The pipeline of signal processing and data analysis was described in our previous paper [17]. Briefly, kinematic data related to gait (ie, the acceleration and angular velocity time series) were captured by the accelerometer and gyroscope within the IMU of the smartphone and from the IMUs within the Mobility Lab sensors at a sampling frequency of 100 Hz. The raw 3D acceleration and angular velocity time series captured by the app were then each transformed from the device coordinate to an Earth-based coordinate system using the quaternion rotation matrix [20]. By doing so, the Z-axis was thus approximately vertical to the ground, regardless of the orientation of the phone placed in the pocket (Figure 2A). Each rotated time series was then filtered using a low-pass Butterworth filter with a cut-off frequency of 3 Hz. These filtered time series, containing peaks that oscillated with different amplitudes, aligned with the time series recorded by the Mobility Lab system very well (Figure 2B). Turns of 180 degrees were automatically detected and removed from the analysis as described previously [17], so that gait was only analyzed during periods of straight-line walking. We then identified each heel strike and toe-off of the phone-side leg, which we previously determined to correspond with the trough nadir following each relatively high peak and the trough nadir following each relatively low peak [17].

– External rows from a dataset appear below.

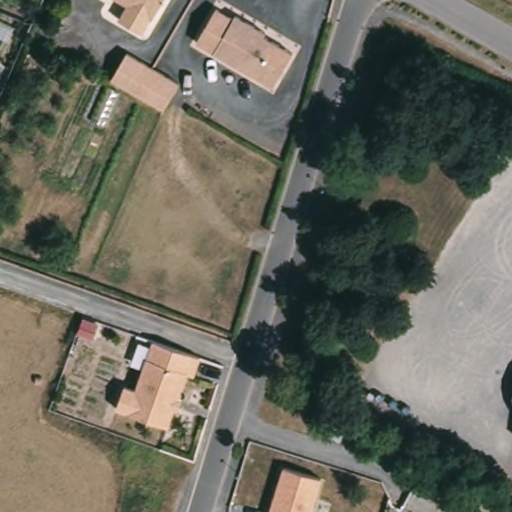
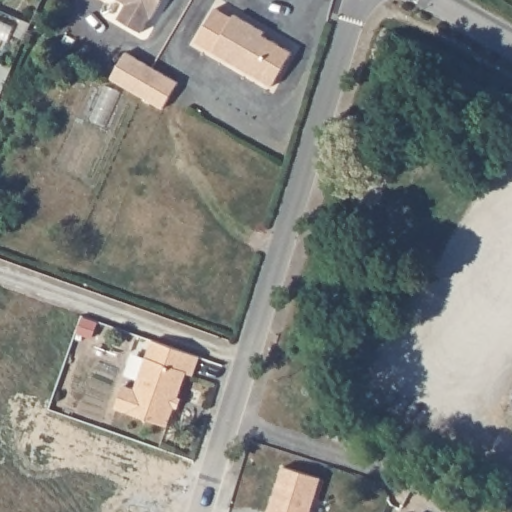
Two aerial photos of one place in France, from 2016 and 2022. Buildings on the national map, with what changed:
unchanged [(122,0),(167,0),(156,18),(151,15),(141,32),(123,21),(120,20),(129,4),(122,0)]
unchanged [(217,7),(236,18),(240,12),(268,28),(264,34),(295,51),(276,84),(198,40),(217,7)]
unchanged [(113,78),(129,50),(171,75),(181,82),(162,110),(159,108),(113,78)]
unchanged [(198,360),(192,378),(186,376),(168,429),(116,411),(124,387),(135,391),(152,342),(198,360)]
unchanged [(512,389),(512,407),(508,398),(512,389)]
unchanged [(314,478),(304,512),(263,512),(277,467),(314,478)]

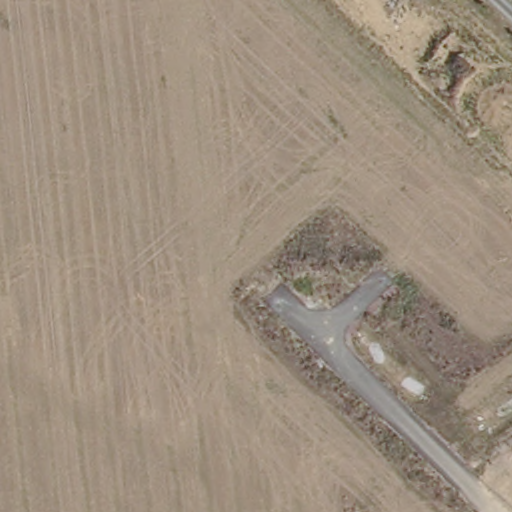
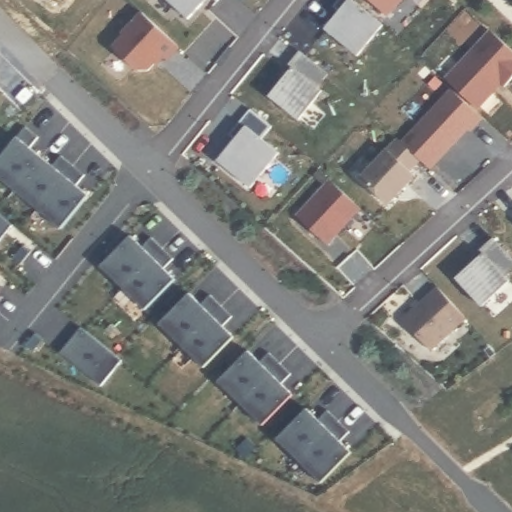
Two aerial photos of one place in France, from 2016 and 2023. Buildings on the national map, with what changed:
new [(336,10),(330,5),(335,0),(351,0),(380,23),(355,54),(322,28),(336,10)]
new [(369,0),(397,0),(384,14),(369,0)]
new [(120,35),(119,35),(139,11),(177,44),(165,60),(160,56),(147,69),(135,70),(108,48),(120,35)]
new [(490,32),(512,52),(512,79),(504,88),(499,83),(495,87),(495,91),(476,109),(445,80),(490,32)]
new [(266,95),(289,67),(285,63),(296,49),(328,75),(317,88),(322,92),(299,121),(266,95)]
new [(450,88),(480,115),(467,129),(465,127),(428,167),(400,141),(450,88)]
new [(269,125),(258,137),(276,152),(247,187),(215,160),(232,139),(226,134),(247,108),(269,125)]
new [(34,137),(26,147),(49,166),(57,155),(81,174),(72,185),(85,195),(57,229),(0,183),(0,153),(21,126),(34,137)]
new [(396,137),(420,159),(409,171),(412,174),(385,203),(358,178),(396,137)]
new [(327,178),(358,207),(325,244),(294,215),(327,178)]
new [(0,236),(0,218),(9,225),(0,236)]
new [(127,235),(139,246),(149,237),(160,248),(120,288),(97,266),(127,235)]
new [(507,280),(480,305),(454,277),(481,252),(478,248),(491,237),(512,260),(512,267),(503,275),(507,280)]
new [(120,288),(160,248),(170,258),(161,268),(172,279),(142,310),(120,288)]
new [(435,286),(464,317),(430,350),(400,318),(435,286)]
new [(187,293),(198,304),(207,294),(219,305),(179,346),(156,324),(187,293)]
new [(179,346),(219,305),(230,316),(220,326),(231,337),(201,368),(179,346)]
new [(77,327),(119,360),(98,386),(57,353),(77,327)]
new [(246,350),(257,362),(266,352),(277,363),(238,404),(215,382),(246,350)]
new [(238,404),(277,363),(288,374),(280,383),(291,394),(260,425),(238,404)]
new [(305,408),(316,419),(325,410),(336,421),(297,461),(275,439),(305,408)]
new [(297,461),(336,421),(348,432),(338,441),(350,452),(320,483),(297,461)]

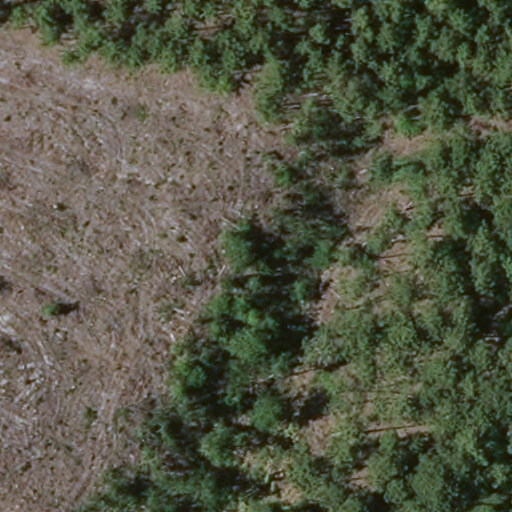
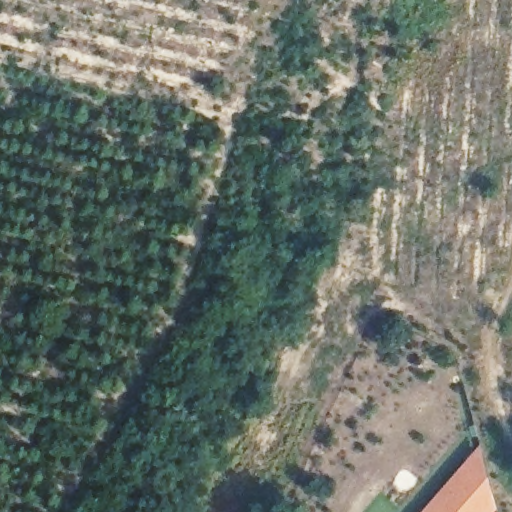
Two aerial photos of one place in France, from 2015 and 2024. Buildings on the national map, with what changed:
new [(500,507),(496,512),(423,512),(482,446),(500,507)]

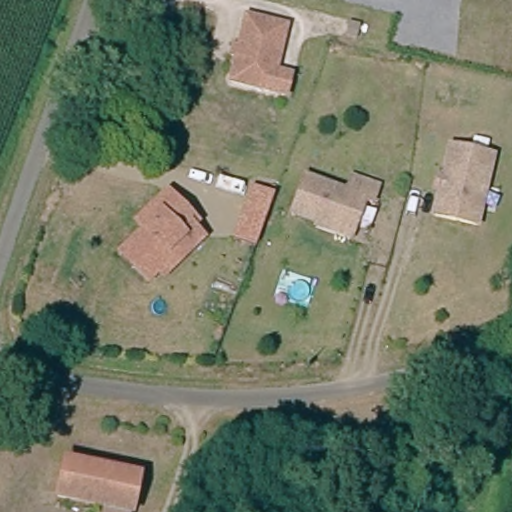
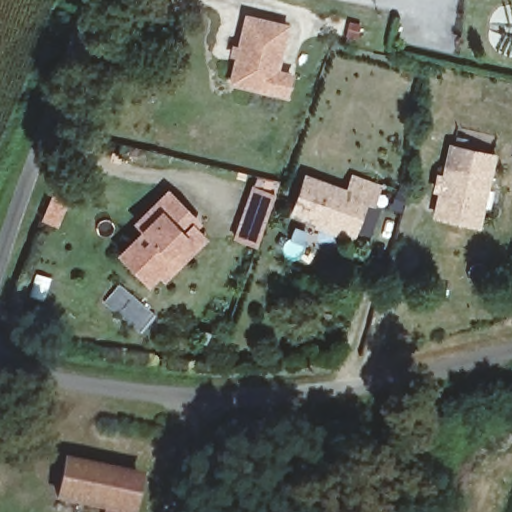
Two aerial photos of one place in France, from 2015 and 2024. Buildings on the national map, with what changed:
unchanged [(286,95),(271,91),(232,83),(245,21),(246,18),(285,27),(285,31),(281,46),(276,72),(290,75),(286,95)]
unchanged [(353,44),(342,41),(346,26),(357,29),(353,44)]
unchanged [(452,153),(494,161),(481,232),(438,224),(452,153)]
unchanged [(307,180),(349,195),(355,180),(380,189),(375,205),(367,203),(355,237),(295,216),(307,180)]
unchanged [(274,193),(255,247),(231,239),(250,186),(274,193)]
unchanged [(157,270),(146,282),(120,256),(131,245),(142,233),(136,227),(165,197),(193,224),(189,229),(202,241),(177,266),(165,278),(157,270)]
unchanged [(136,487),(130,512),(88,512),(52,504),(61,469),(136,487)]

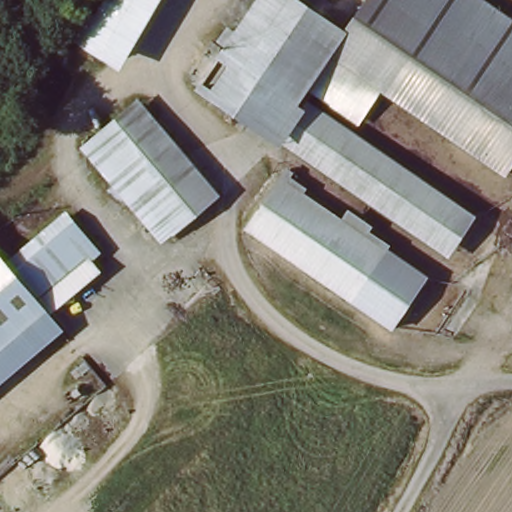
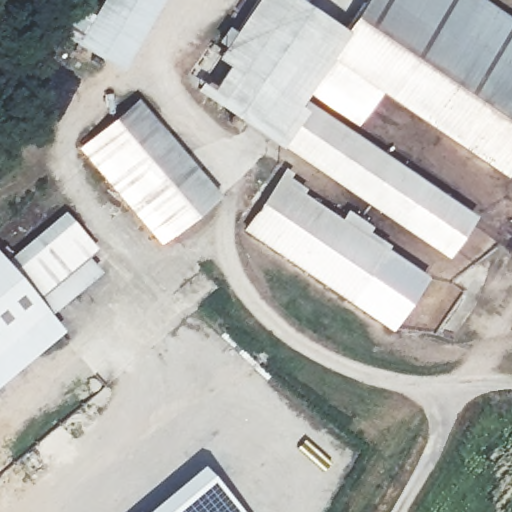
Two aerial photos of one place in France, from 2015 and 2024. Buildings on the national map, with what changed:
unchanged [(120,63),(104,54),(90,45),(115,0),(154,0),(120,63)]
unchanged [(308,95),(278,145),(199,96),(258,0),(284,0),(344,37),(308,95)]
unchanged [(512,20),(512,160),(505,172),(377,94),(358,126),(308,95),(344,37),(366,0),(480,0),(512,20)]
unchanged [(216,200),(169,239),(87,142),(135,103),(216,200)]
unchanged [(471,221),(458,246),(289,141),(305,119),(471,221)]
unchanged [(282,170),(309,186),(304,194),(342,219),(349,209),(375,225),(371,235),(385,247),(349,305),(241,233),(282,170)]
unchanged [(67,219),(86,241),(28,292),(8,269),(67,219)]
unchanged [(28,292),(86,241),(98,254),(87,263),(98,275),(51,313),(68,333),(0,390),(0,343),(41,308),(28,292)]
unchanged [(438,278),(401,335),(349,305),(385,247),(438,278)]
unchanged [(8,269),(28,292),(41,308),(0,343),(0,260),(8,269)]
new [(200,461),(243,512),(138,512),(140,511),(200,461)]

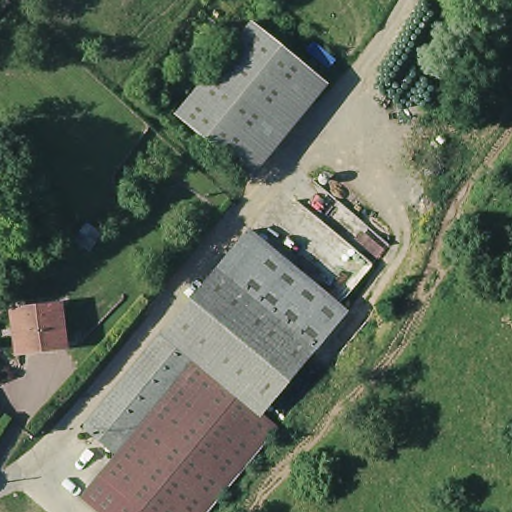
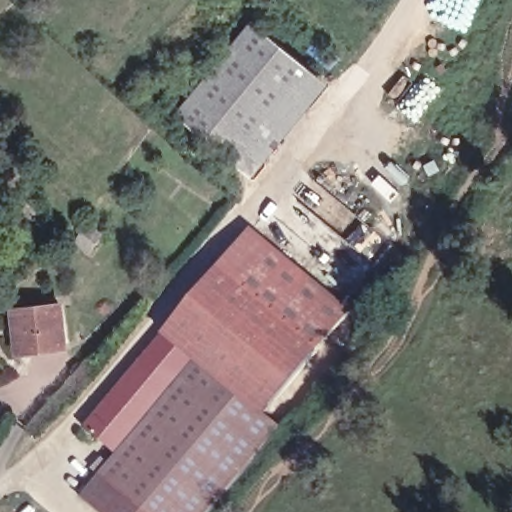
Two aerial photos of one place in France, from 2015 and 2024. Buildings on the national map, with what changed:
unchanged [(181,103),(246,24),(325,92),(262,168),(181,103)]
unchanged [(181,103),(262,168),(254,177),(168,117),(181,103)]
unchanged [(98,235),(89,249),(76,241),(86,226),(98,235)]
unchanged [(214,267),(245,229),(342,310),(311,348),(214,267)]
unchanged [(161,331),(214,267),(311,348),(259,411),(277,426),(205,512),(141,512),(95,476),(113,455),(110,453),(192,356),(161,331)]
unchanged [(58,345),(13,350),(9,310),(54,305),(58,345)]
unchanged [(110,453),(80,428),(161,331),(192,356),(110,453)]
unchanged [(95,476),(141,512),(92,512),(76,498),(95,476)]

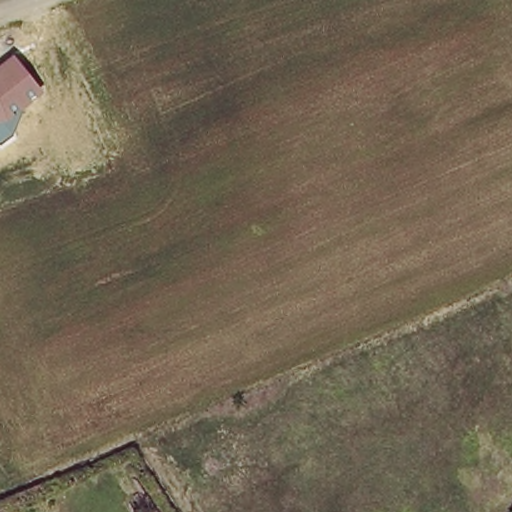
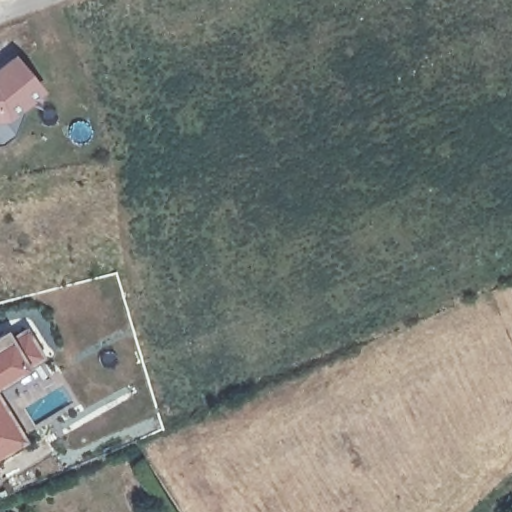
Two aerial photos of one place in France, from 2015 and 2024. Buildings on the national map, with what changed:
unchanged [(43,90),(25,106),(15,132),(3,145),(0,145),(0,66),(14,54),(43,90)]
new [(10,337),(25,330),(41,356),(25,363),(28,367),(0,384),(0,333),(5,330),(10,337)]
new [(0,453),(0,403),(23,440),(0,453)]

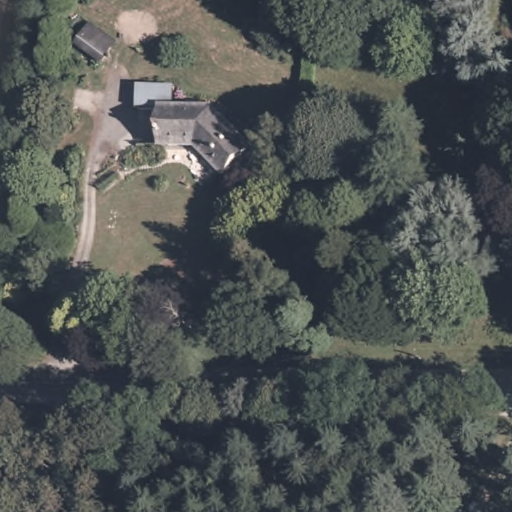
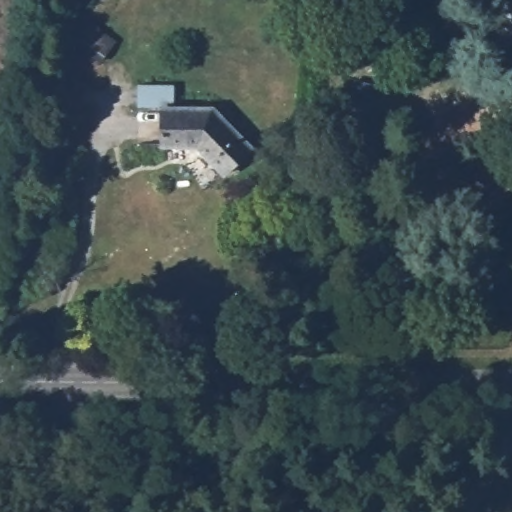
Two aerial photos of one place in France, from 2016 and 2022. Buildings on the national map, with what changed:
unchanged [(214,102),(252,139),(227,165),(193,135),(161,134),(162,99),(214,102)]

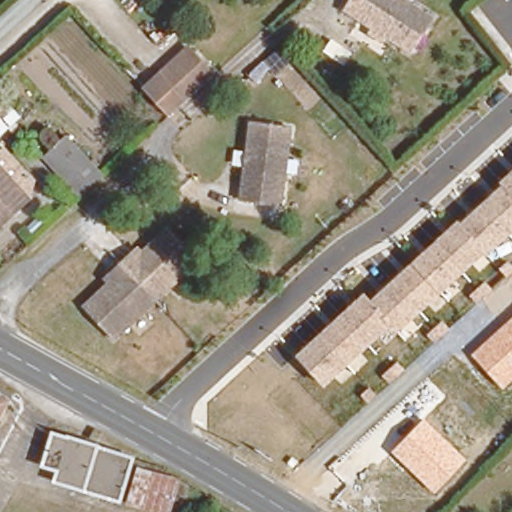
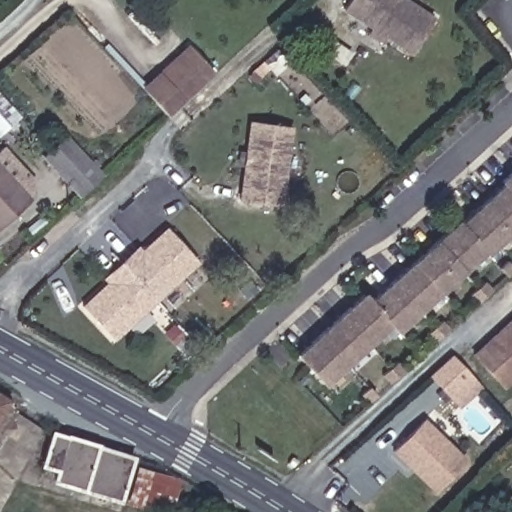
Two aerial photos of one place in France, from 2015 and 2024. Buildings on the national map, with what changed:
unchanged [(412,56),(345,16),(354,0),(399,0),(431,18),(412,56)]
unchanged [(171,115),(143,86),(190,42),(217,71),(174,112),(171,115)]
unchanged [(281,205),(240,201),(249,119),(291,123),(281,205)]
unchanged [(41,156),(63,134),(103,174),(80,196),(41,156)]
unchanged [(0,231),(0,167),(33,202),(1,232),(0,231)]
unchanged [(363,293),(370,299),(459,219),(463,222),(504,184),(500,181),(512,170),(512,233),(488,256),(483,253),(397,333),(389,326),(326,386),(297,354),(363,293)]
unchanged [(117,344),(88,314),(118,286),(105,273),(129,250),(141,262),(169,235),(199,267),(117,344)]
unchanged [(503,390),(472,355),(512,319),(512,381),(503,390)]
new [(459,409),(428,376),(453,354),(483,388),(459,409)]
unchanged [(0,412),(0,396),(8,401),(0,412)]
unchanged [(435,492),(393,451),(424,419),(465,458),(435,492)]
unchanged [(130,454),(129,469),(175,483),(165,509),(51,482),(53,471),(35,465),(50,433),(130,454)]

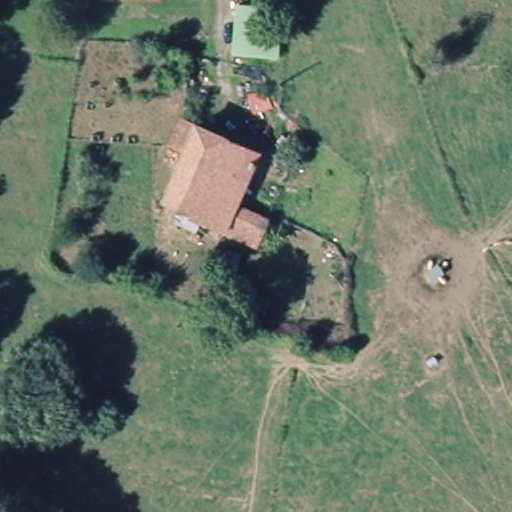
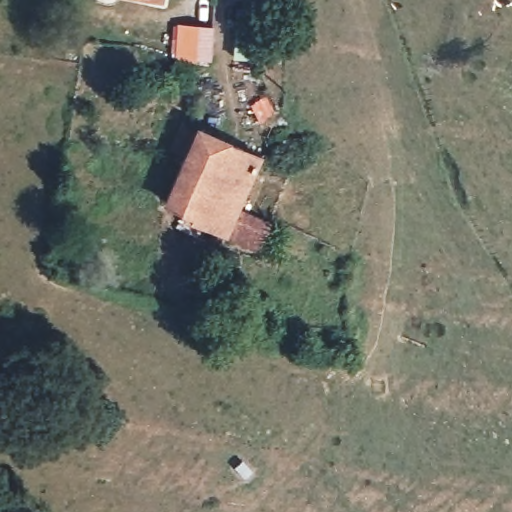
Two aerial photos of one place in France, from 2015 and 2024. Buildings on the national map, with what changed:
unchanged [(254,60),(257,19),(257,12),(280,14),(278,34),(282,34),(299,35),(296,64),(284,63),(254,60)]
new [(173,22),(213,26),(210,63),(170,59),(173,22)]
unchanged [(258,247),(232,238),(194,222),(196,214),(172,203),(190,155),(179,149),(190,123),(267,156),(244,210),(270,220),(258,247)]

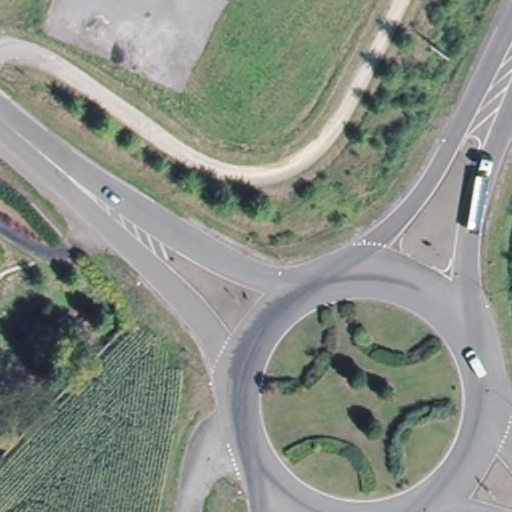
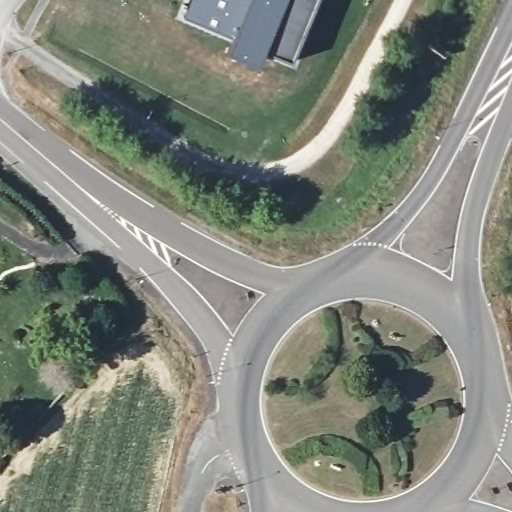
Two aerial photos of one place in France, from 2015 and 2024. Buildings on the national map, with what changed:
new [(297,55),(266,43),(272,28),(247,18),(241,33),(189,12),(194,0),(319,0),(297,55)]

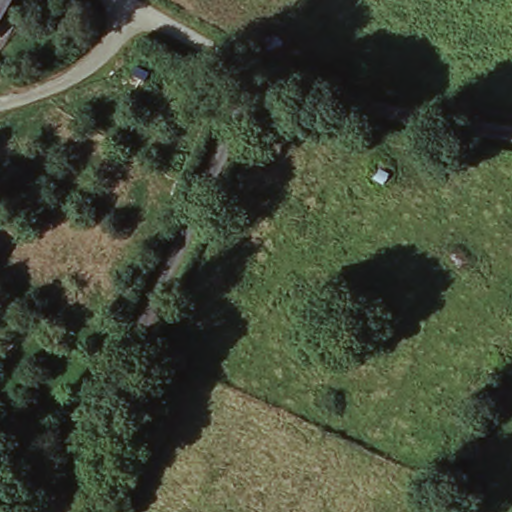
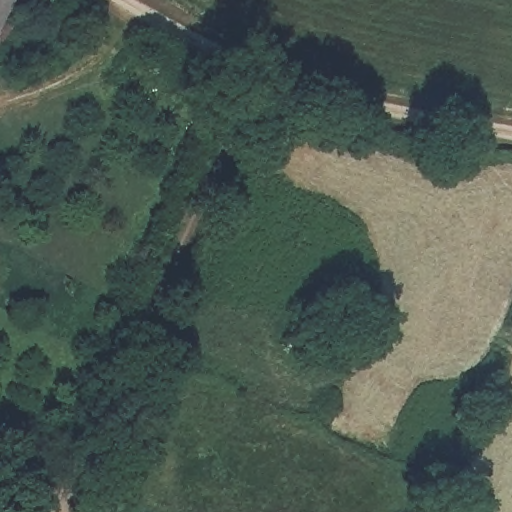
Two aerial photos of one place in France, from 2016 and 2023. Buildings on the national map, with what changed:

Finally, stride time and stride time variability were calculated for each trial. Stride time is typically defined as the time between two consecutive heel strikes of one foot, and thus relates to one complete gait cycle. Stride time variability is defined using the ratio of the SD of the stride times to the mean stride time within each walking trial. Longer stride time and greater stride time variability within a given walking condition (ie, single or dual task) have each been associated with aging [21], incidence of movement disorders (including PD) [22], the development of falls [3], and even the likelihood of future cognitive decline [23]. We also calculated the dual-task “costs” to stride time and stride time variability as the percent change of each metric from the single- to dual-task walking condition. A greater dual-task cost reflected a greater dual-task decrement in walking performance. The averaged stride time, stride time variability, and dual-task cost across two trials for each participant were then used in the following analyses.

Similar gait metrics were derived from the Mobility Lab data using the software platform provided with the system.

Statistical Analysis

Statistical analyses were performed using JMP Pro 14 software (SAS Institute, Cary, NC). The significance level was set to P<.05 for all analyses.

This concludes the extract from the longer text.